Problem. Write out the records below exactly as they appear, skipping each picture.

(Recorded data)

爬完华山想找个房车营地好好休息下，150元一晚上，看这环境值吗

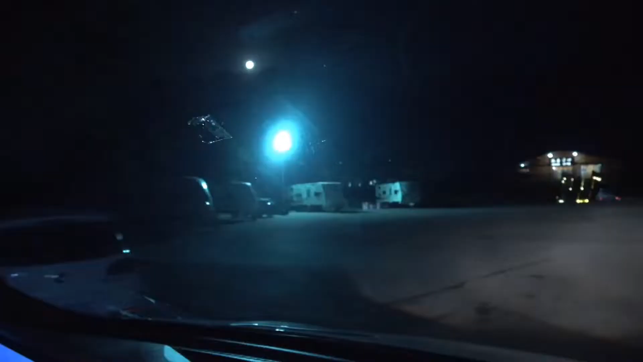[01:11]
我看到有拖挂都是拖挂这就是营地拖挂吧这是他们自己的酒店吧
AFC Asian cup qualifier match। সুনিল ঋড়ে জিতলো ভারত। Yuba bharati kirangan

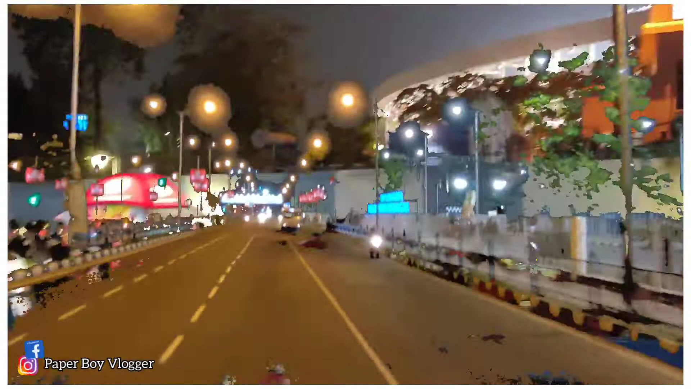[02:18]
স্টেডিয়ামের সামনে আসতেই চোখে পড়ে গেল আমার মতো অনেক ফুটবল প্রেমীরা আজকে এখানে এসেছেন শুধুমাত্র আমাদের এই দেশের খেলা উপভোগ করবেন বলে।
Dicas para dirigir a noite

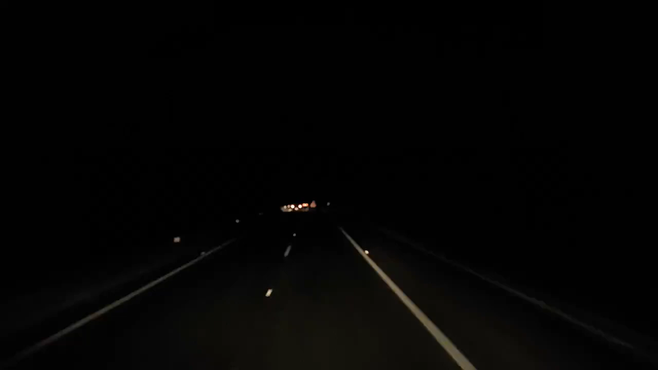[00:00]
E aí, galera, bom dia. São 5 horas da manhã do dia de dia 11 do 7 de 2015, sábado de manhã, né? Um dia bonito. Olha lá Pirassununga, lá no finalzinho, se vocês olharem, ver essas luzinhas lá, vocês vão ver, ó. Porto Ferreira, Pirassununga. Estamos seguindo para Tocantins, Palma. De madrugadinha aí, eu gosto de cedo, eu durmo cedo, né?
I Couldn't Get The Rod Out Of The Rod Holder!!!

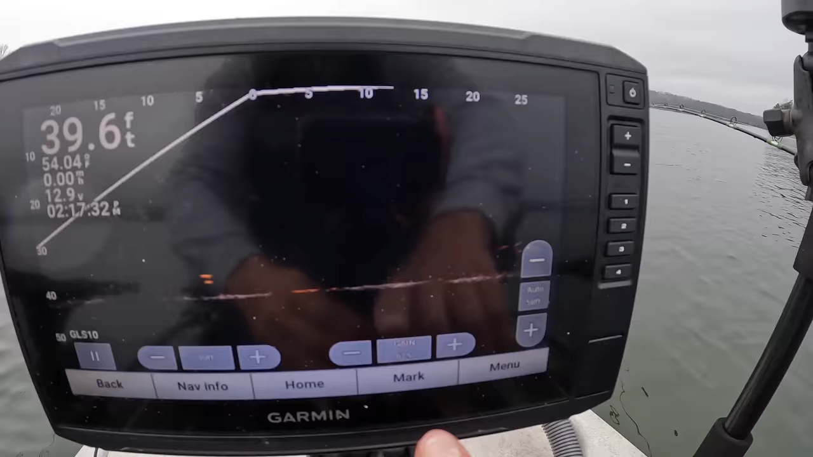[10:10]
On screen: depth 39.6 ft
right around this school i'm gonna try to show you here on the screen they're right here at the corner let me expand my range out a little bit you can see i expand my range
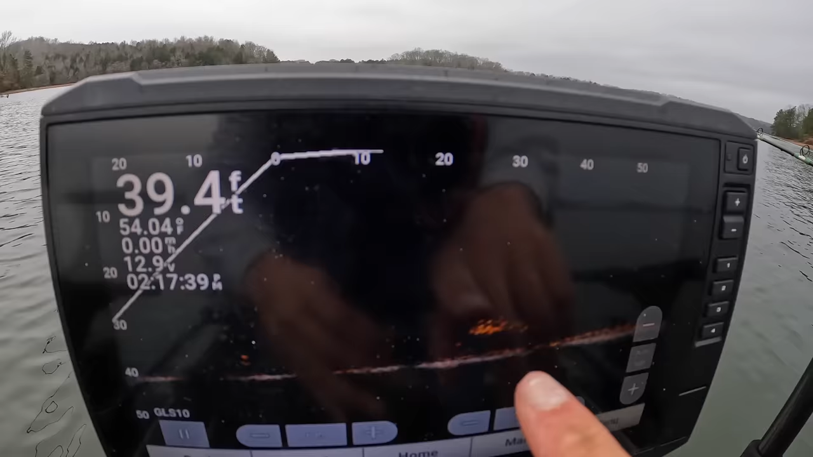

(End Recorded data)

Output for this task.
爬完华山想找个房车营地好好休息下，150元一晚上，看这环境值吗

[01:11]
我看到有拖挂都是拖挂这就是营地拖挂吧这是他们自己的酒店吧
AFC Asian cup qualifier match। সুনিল ঋড়ে জিতলো ভারত। Yuba bharati kirangan

[02:18]
স্টেডিয়ামের সামনে আসতেই চোখে পড়ে গেল আমার মতো অনেক ফুটবল প্রেমীরা আজকে এখানে এসেছেন শুধুমাত্র আমাদের এই দেশের খেলা উপভোগ করবেন বলে।
Dicas para dirigir a noite

[00:00]
E aí, galera, bom dia. São 5 horas da manhã do dia de dia 11 do 7 de 2015, sábado de manhã, né? Um dia bonito. Olha lá Pirassununga, lá no finalzinho, se vocês olharem, ver essas luzinhas lá, vocês vão ver, ó. Porto Ferreira, Pirassununga. Estamos seguindo para Tocantins, Palma. De madrugadinha aí, eu gosto de cedo, eu durmo cedo, né?
I Couldn't Get The Rod Out Of The Rod Holder!!!

[10:10]
On screen: depth 39.6 ft
right around this school i'm gonna try to show you here on the screen they're right here at the corner let me expand my range out a little bit you can see i expand my range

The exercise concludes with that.